>>>>

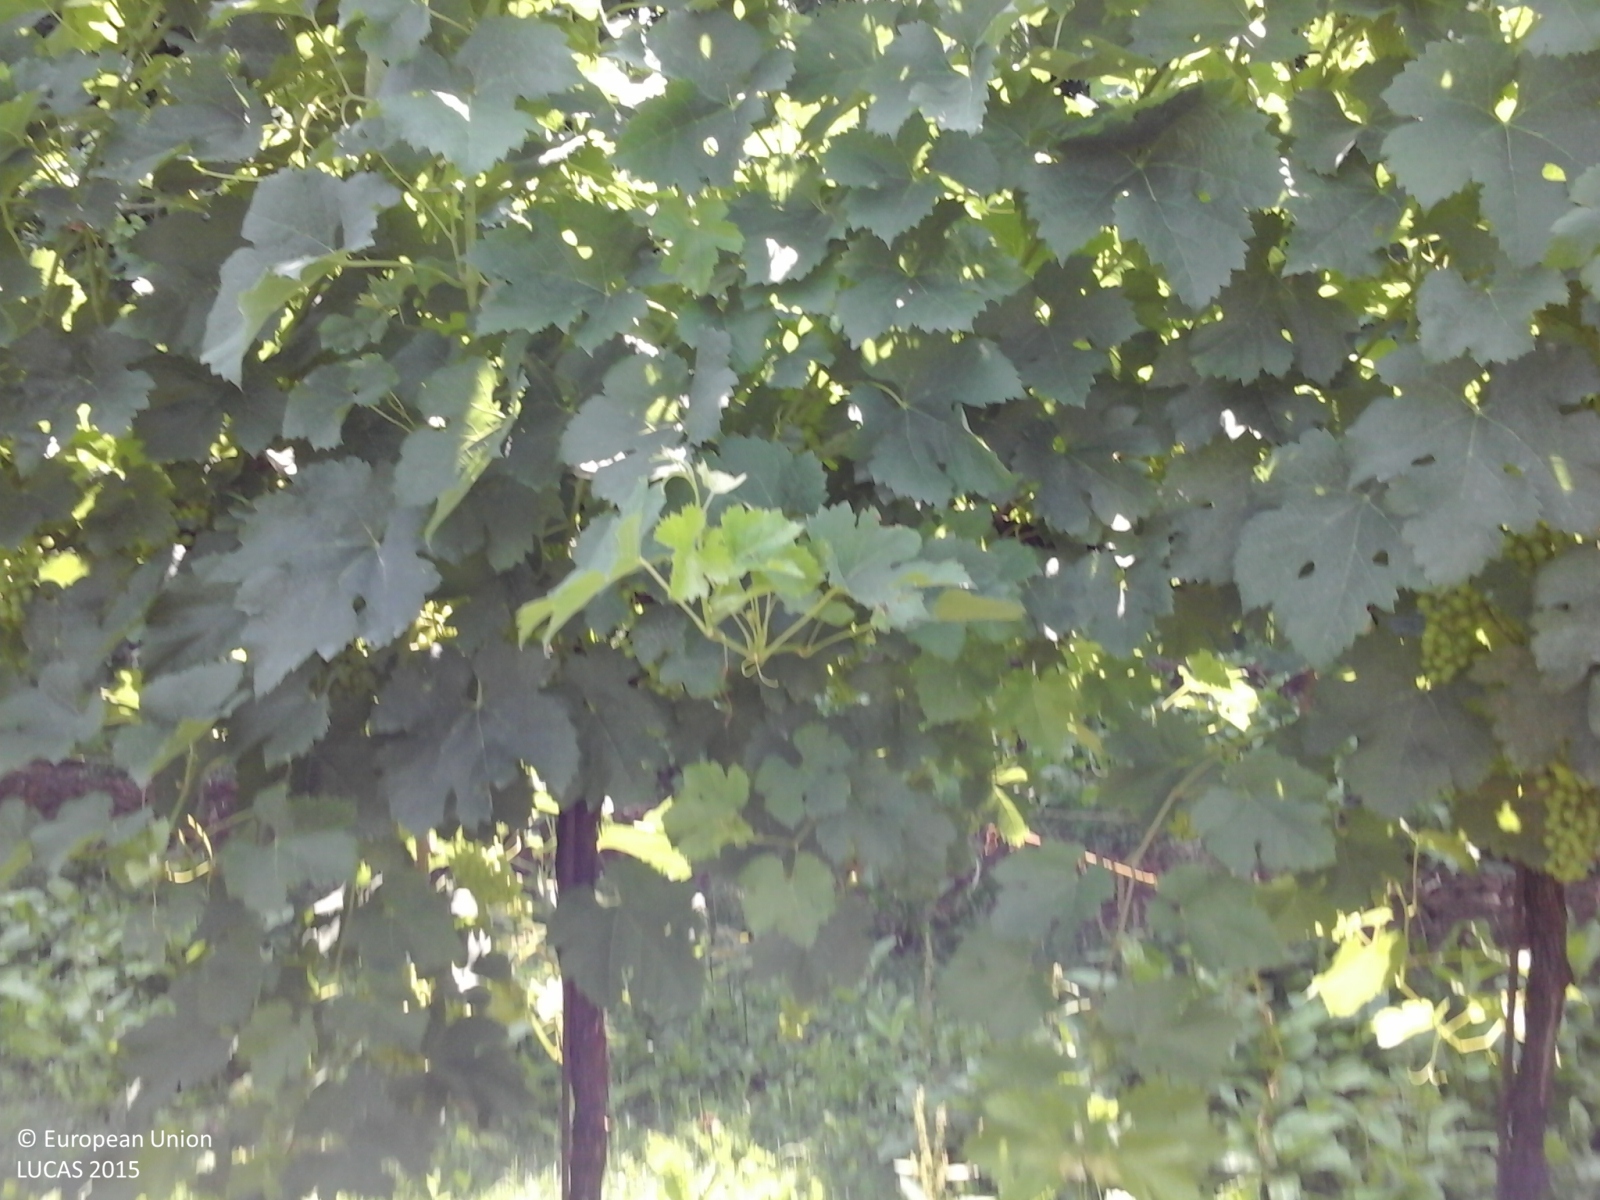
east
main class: Cropland
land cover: Vineyards
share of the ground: 25 - 50 %
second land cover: Grassland without tree/shrub cover
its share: > 75 %
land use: Agriculture (excluding fallow land and kitchen gardens)
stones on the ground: < 10 %
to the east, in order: Vineyards; Grassland without tree/shrub cover; Managed hedges; Ditches and canals; Managed hedges; Grassland without tree/shrub cover; Other fresh vegetables; Abandoned hedges; Fences; Other fruit trees and berries; Broadleaved woodland; Fences; Abandoned hedges; Ditches and canals; Tracks; Grassland without tree/shrub cover; Maize; Lines of trees; Ditches and canals; Paved roads, cycling and walking lanes; Electric lines; Ditches and canals; Abandoned hedges; Grass margins; Soya
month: June
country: IT
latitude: 45.8928
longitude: 12.3552
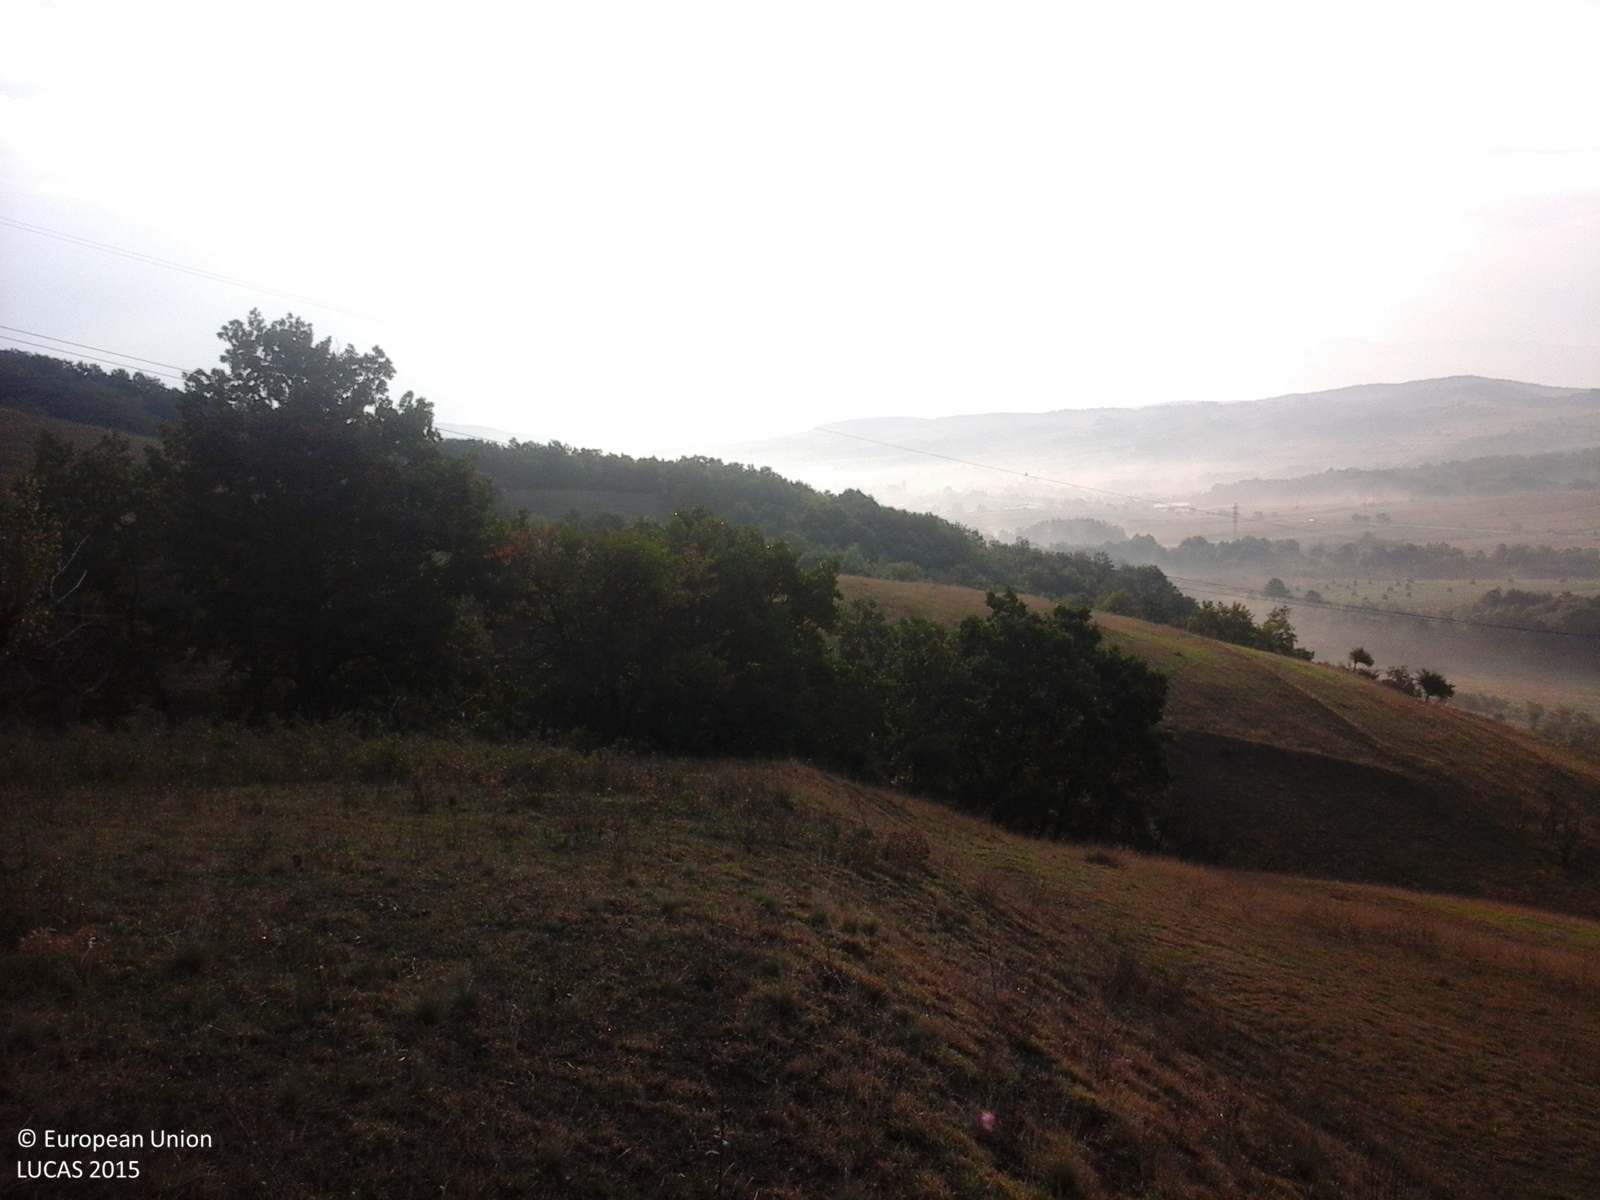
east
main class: Grassland
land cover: Grassland without tree/shrub cover
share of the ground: > 75 %
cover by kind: herbaceous plants 100 %
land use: Agriculture (excluding fallow land and kitchen gardens)
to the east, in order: Grassland without tree/shrub cover; Grassland with sparse tree/shrub cover; Broadleaved woodland; Grassland without tree/shrub cover; Electric lines; Grassland without tree/shrub cover; Shrubland without tree cover; Grassland without tree/shrub cover; Grassland with sparse tree/shrub cover
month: September
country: RO
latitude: 45.6576
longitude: 22.8987

<<<<

- _To do_:
Write out the records above exactly. Begin with the first line, end with the line holding "stones on the ground: < 10 %", and drop the pictures.

- _Output of the exercise_:
east
main class: Cropland
land cover: Vineyards
share of the ground: 25 - 50 %
second land cover: Grassland without tree/shrub cover
its share: > 75 %
land use: Agriculture (excluding fallow land and kitchen gardens)
stones on the ground: < 10 %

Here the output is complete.